Production of cellulase by Microbulbifer hydrolyticus through co-fermentation of glucose and xylose from lignocellulose

Abstract

Cellulase is a compound enzyme that catalyzes cellulose into monosaccharides or oligosaccharides. Large amounts of cellulase are needed with the development of the lignocellulose processing industry, which necessitates faster methods to produce cellulase. In this work, the marine bacterium Microbulbifer hydrolyticus IRE-31-192 was selected to produce cellulase, due to its fast growth rate and short high space-time yield. Co-fermentation of glucose and xylose to produce cellulase was investigated on the basis of previous work. When the ratio of glucose/xylose was 2:1 (w/w), 294 U/L cellulase activity with highest space-time yield of 12.2 U/L h was obtained. The hydrolytic liquid of lignocellulose prepared from dried distiller’s grains with solubles (DDGS) with the similar ratio of glucose/xylose was used as medium to produce cellulase. The efficiency of cellulase production from processed and unprocessed hydrolysates of DDGS was compared. Unprocessed hydrolysates were more beneficial for the production of cellulase, such that its activity was 261 U/L with a space-time yield of 14.5 U/L h. Thus, commonly used pure glucose and xylose could be replaced by hydrolysates of DDGS, and marine bacteria has potential application for cellulase production.

Full Article

Production of Cellulase by Microbulbifer hydrolyticus through Co-fermentation of Glucose and Xylose from Lignocellulose

Huan Liu,^a,b,1 Xiaolan Huang,^a,1 Qi Xiao,^a Yue Yu,^a Li Deng,^a,b, and Fang Wang ^a

Cellulase is a compound enzyme that catalyzes cellulose into monosaccharides or oligosaccharides. Large amounts of cellulase are needed with the development of the lignocellulose processing industry, which necessitates faster methods to produce cellulase. In this work, the marine bacterium Microbulbifer hydrolyticus IRE-31-192 was selected to produce cellulase, due to its fast growth rate and short high space-time yield. Co-fermentation of glucose and xylose to produce cellulase was investigated on the basis of previous work. When the ratio of glucose/xylose was 2:1 (w/w), 294 U/L cellulase activity with highest space-time yield of 12.2 U/L h was obtained. The hydrolytic liquid of lignocellulose prepared from dried distiller’s grains with solubles (DDGS) with the similar ratio of glucose/xylose was used as medium to produce cellulase. The efficiency of cellulase production from processed and unprocessed hydrolysates of DDGS was compared. Unprocessed hydrolysates were more beneficial for the production of cellulase, such that its activity was 261 U/L with a space-time yield of 14.5 U/L h. Thus, commonly used pure glucose and xylose could be replaced by hydrolysates of DDGS, and marine bacteria has potential application for cellulase production.

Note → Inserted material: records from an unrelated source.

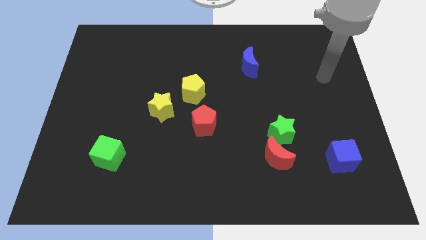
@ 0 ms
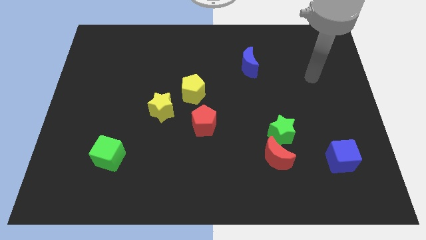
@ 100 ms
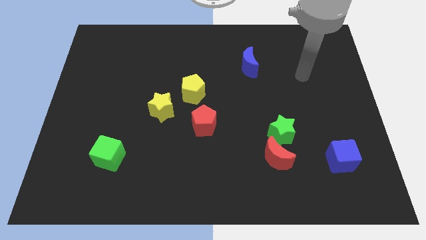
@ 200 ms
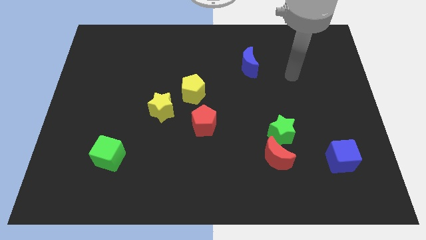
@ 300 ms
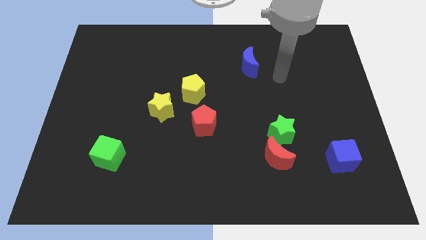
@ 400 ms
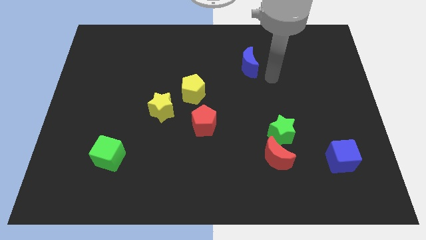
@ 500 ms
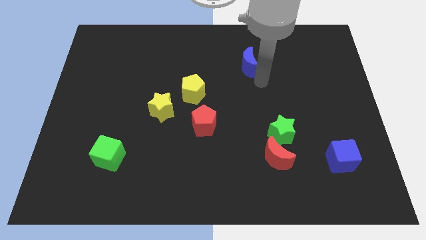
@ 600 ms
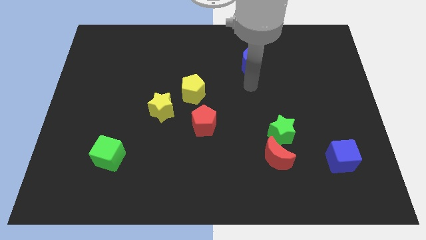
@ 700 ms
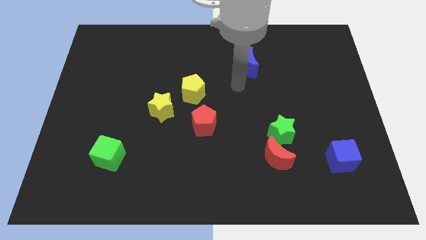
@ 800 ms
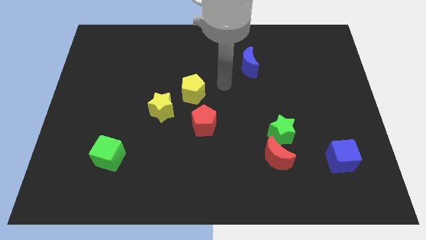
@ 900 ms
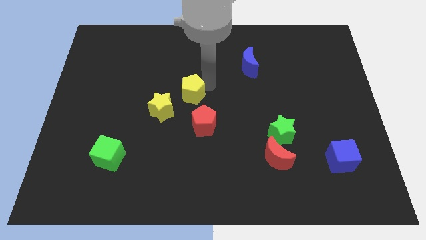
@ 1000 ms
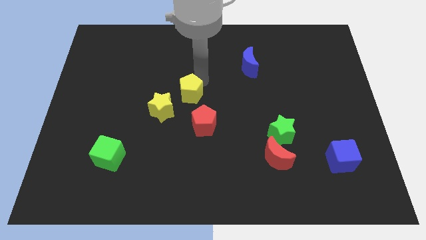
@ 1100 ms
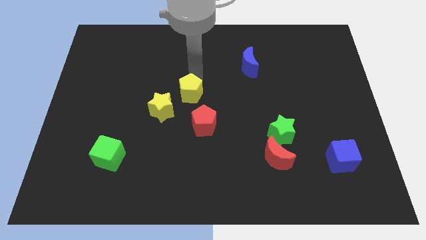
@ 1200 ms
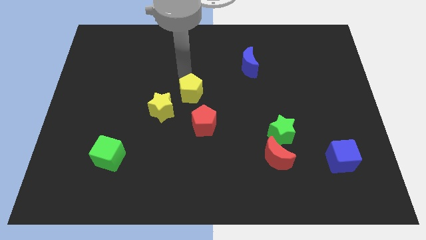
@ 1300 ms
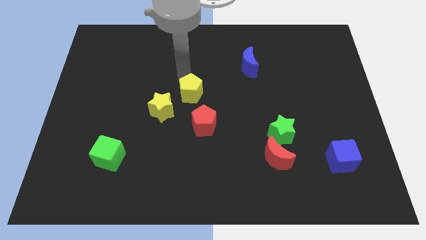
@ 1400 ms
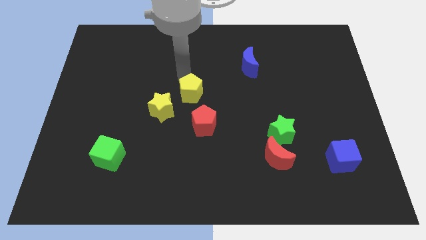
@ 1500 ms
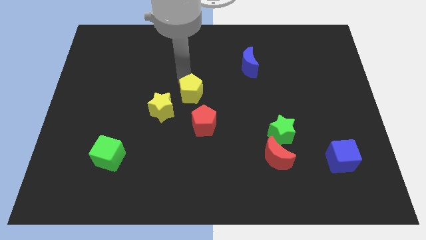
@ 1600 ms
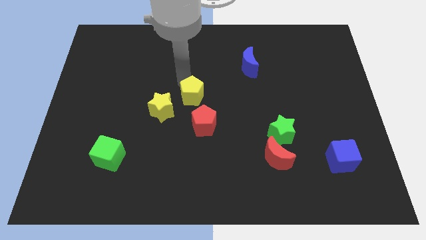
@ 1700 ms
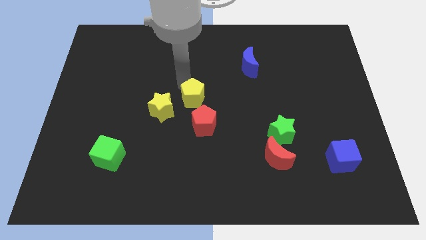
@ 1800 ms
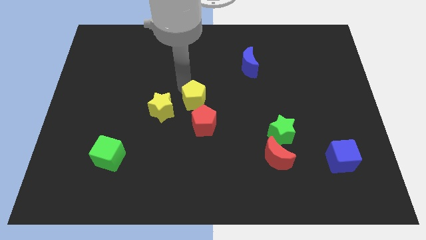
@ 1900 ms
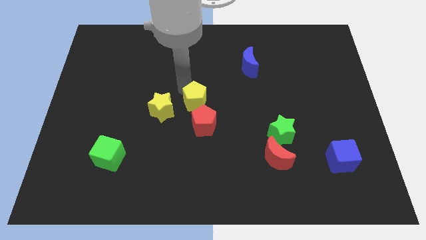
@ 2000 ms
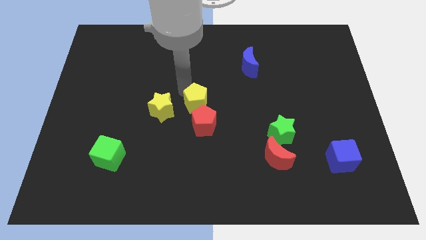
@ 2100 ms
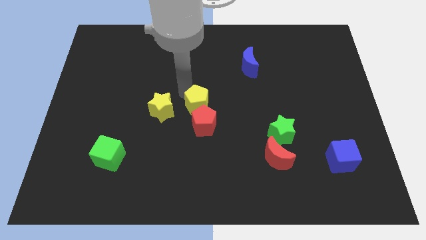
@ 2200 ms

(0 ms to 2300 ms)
move the yellow pentagon close to the red pentagon

Keywords: Cellulase; Dried distiller’s grains with solubles; Marine bacteria; Lignocellulose

Contact information: a: Beijing Bioprocess Key Laboratory, State Key Laboratory of Chemical Resource Engineering, Beijing University of Chemical Technology, Beijing, 100029, PR China; b: Amoy – BUCT Industrial Bio-technovation Institute, Amoy, 361022, PR China; 1: the first two author make the same contribution to this work; *Corresponding author: dengli@mail.buct.edu.cn

INTRODUCTION

Global energy demand and fossil fuel depletion has intensified the need for alternative energy sources (Zhang et al. 2013). Lignocellulosic biomass is a significant renewable resource available worldwide for the production of sustainable biofuels and bio-products at competitive prices (Wen et al. 2013; Liu et al. 2015). A large market potential for cellulase production is projected due to its capability of converting lignocellulosic biomass to fermentable sugars for the production of high value chemicals, which has required faster methods to improve its productivity (Silva and Filho 2017).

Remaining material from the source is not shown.